* Problem *
Output begins at the line with "article_number: 4688" and ends at the last line of the records below. Copy each line in that span exactly, and leave out pictures.

* Supplied records *

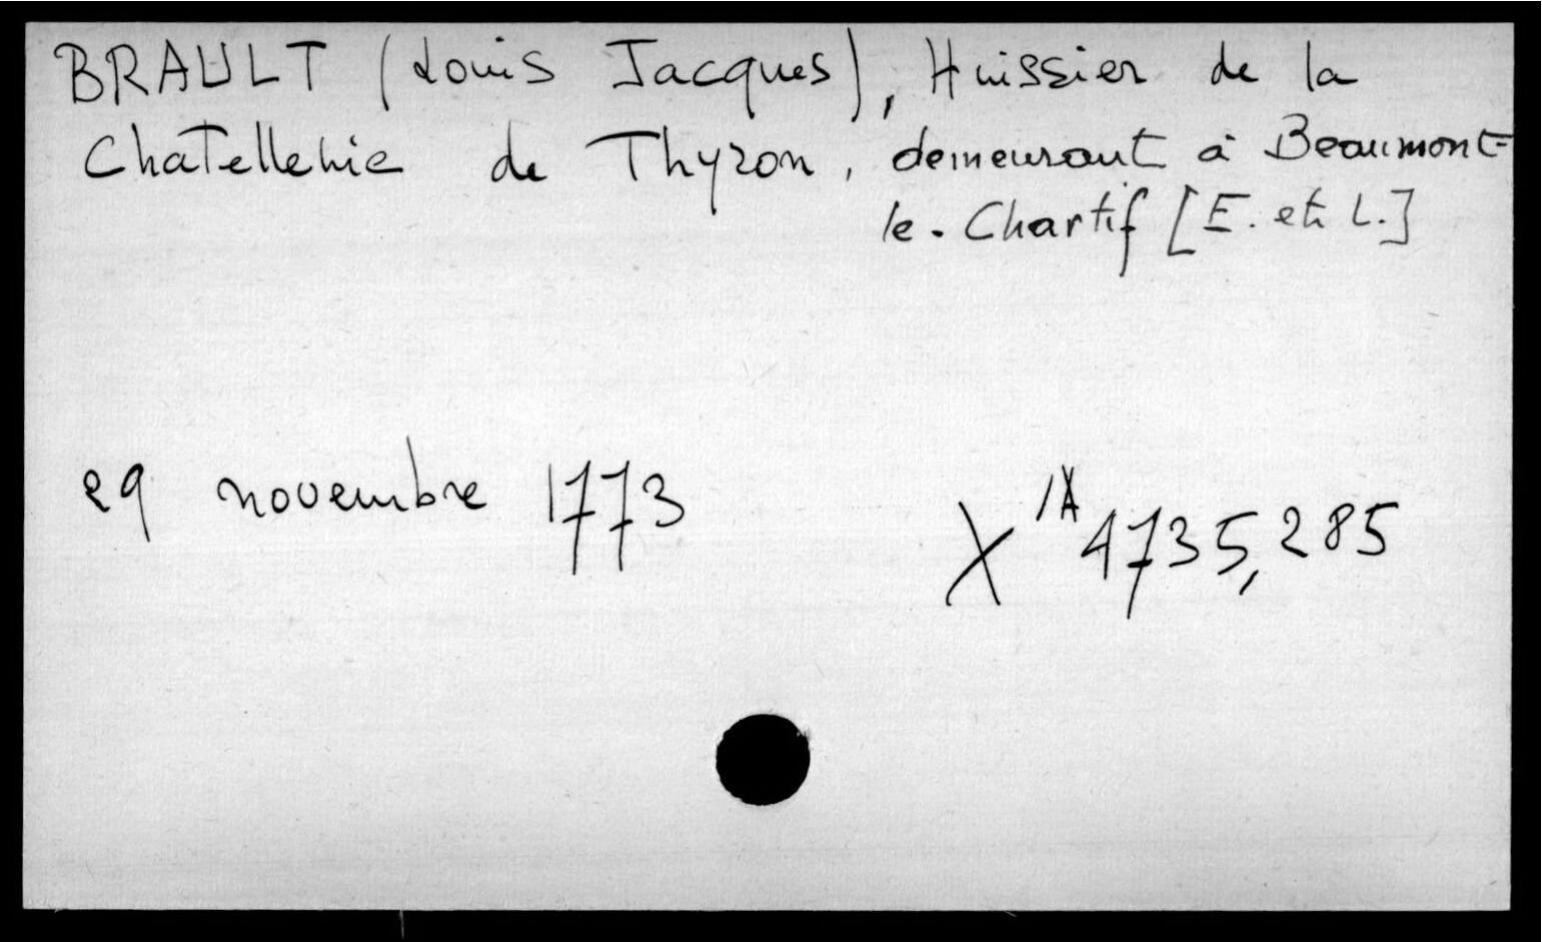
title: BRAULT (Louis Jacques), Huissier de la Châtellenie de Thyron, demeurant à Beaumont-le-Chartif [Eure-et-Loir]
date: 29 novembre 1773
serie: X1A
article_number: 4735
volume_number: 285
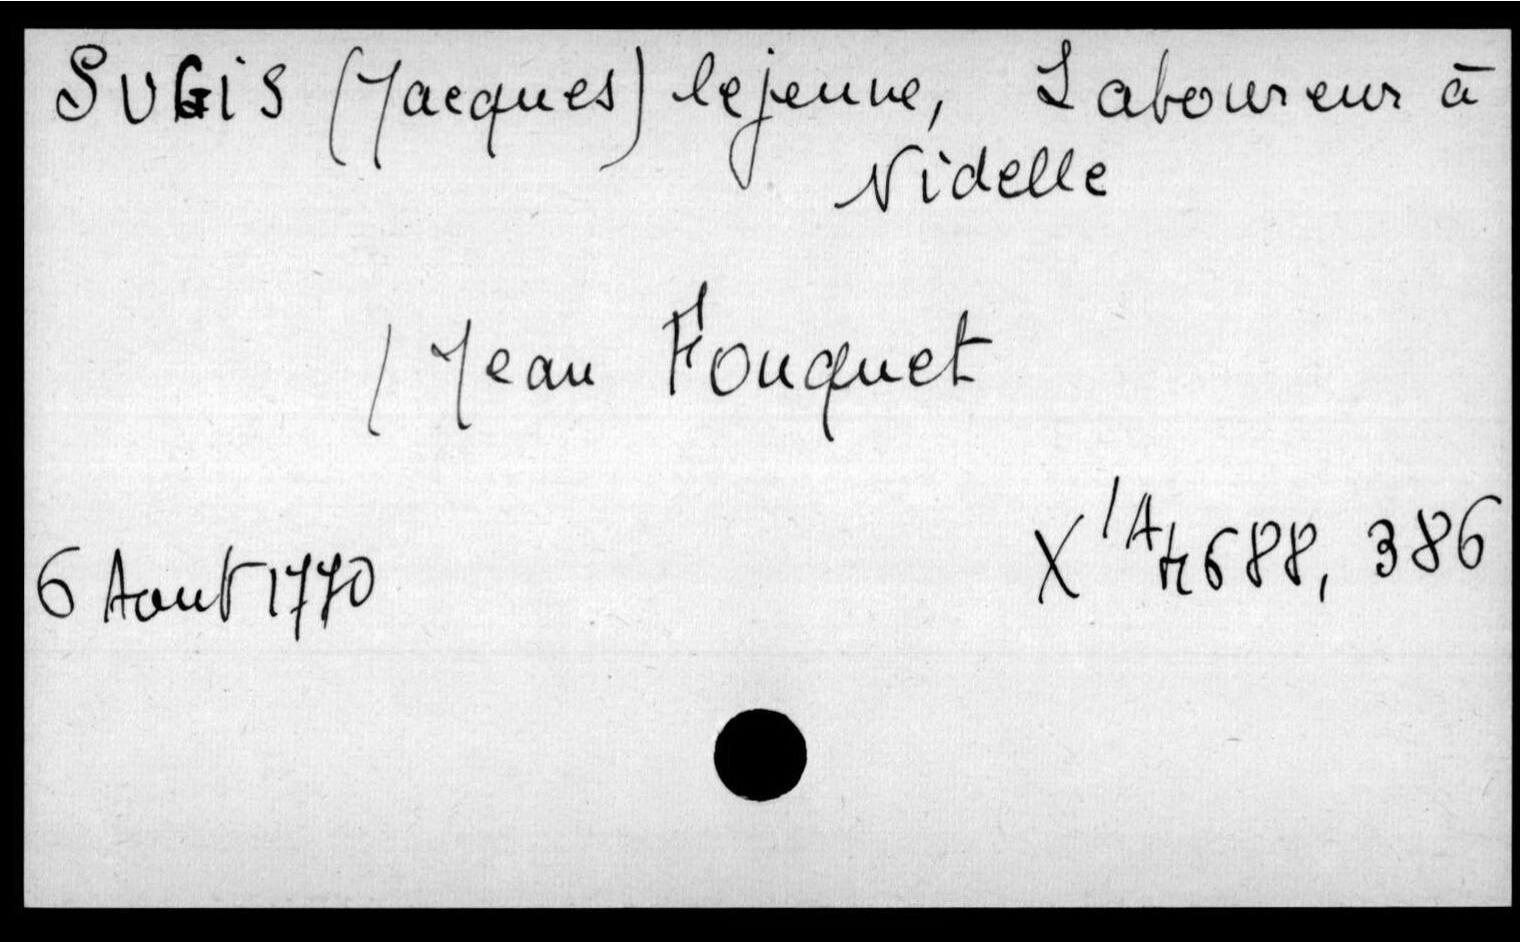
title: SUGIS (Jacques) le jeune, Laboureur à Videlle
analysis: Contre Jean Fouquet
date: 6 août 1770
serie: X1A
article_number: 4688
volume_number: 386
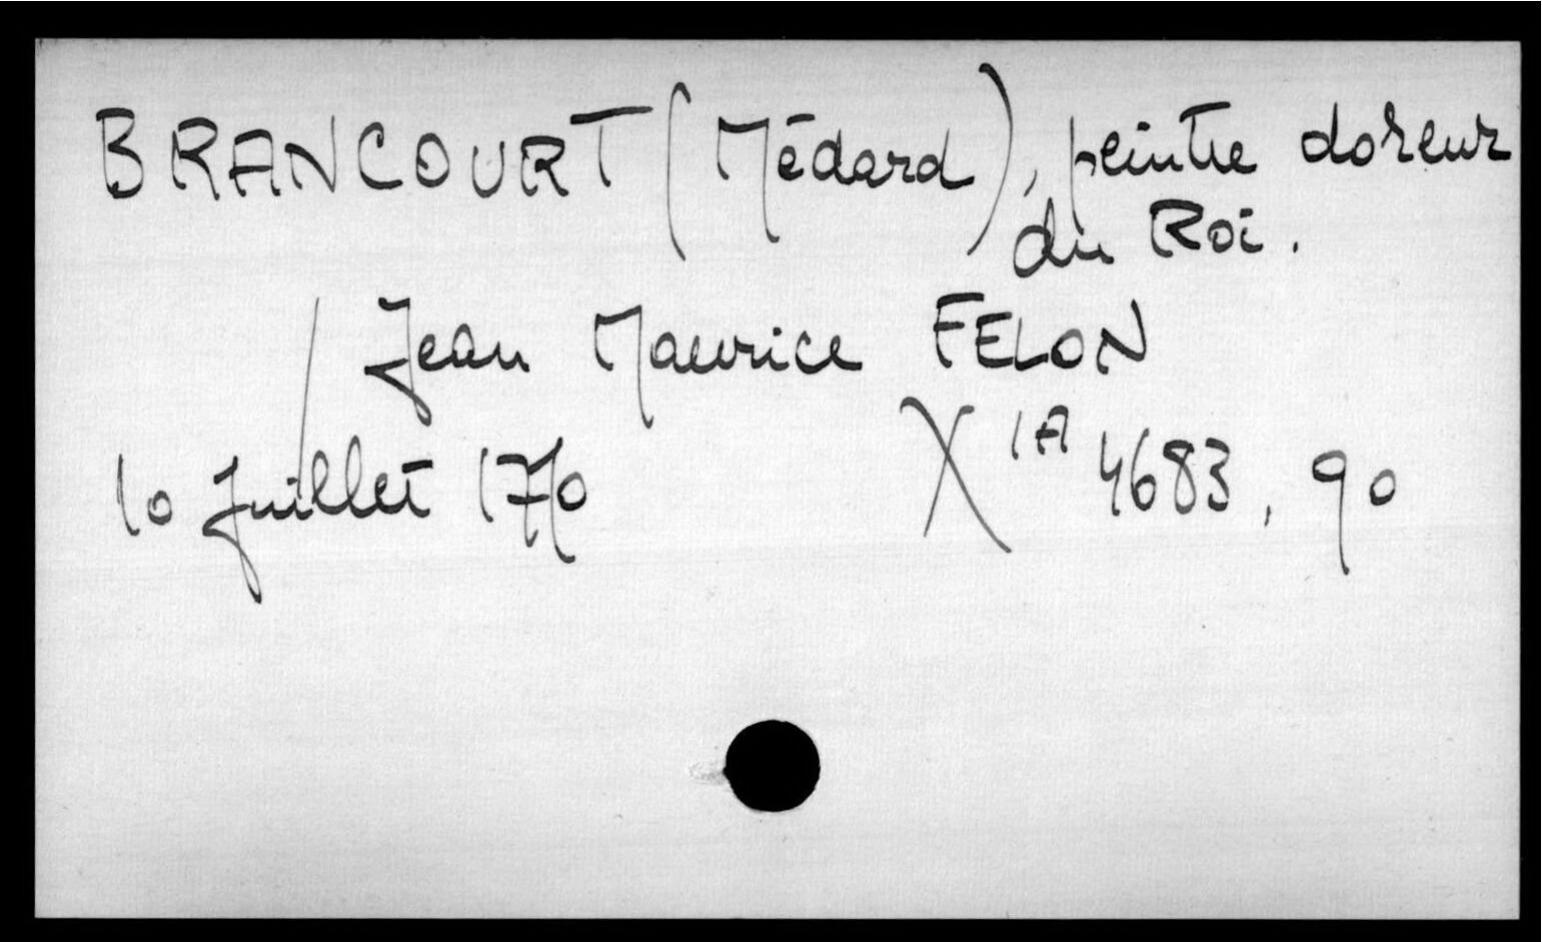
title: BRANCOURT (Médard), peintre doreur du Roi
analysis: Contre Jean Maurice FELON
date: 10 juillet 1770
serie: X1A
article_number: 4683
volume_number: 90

* Answer to the exercise *
article_number: 4688
volume_number: 386
title: BRANCOURT (Médard), peintre doreur du Roi
analysis: Contre Jean Maurice FELON
date: 10 juillet 1770
serie: X1A
article_number: 4683
volume_number: 90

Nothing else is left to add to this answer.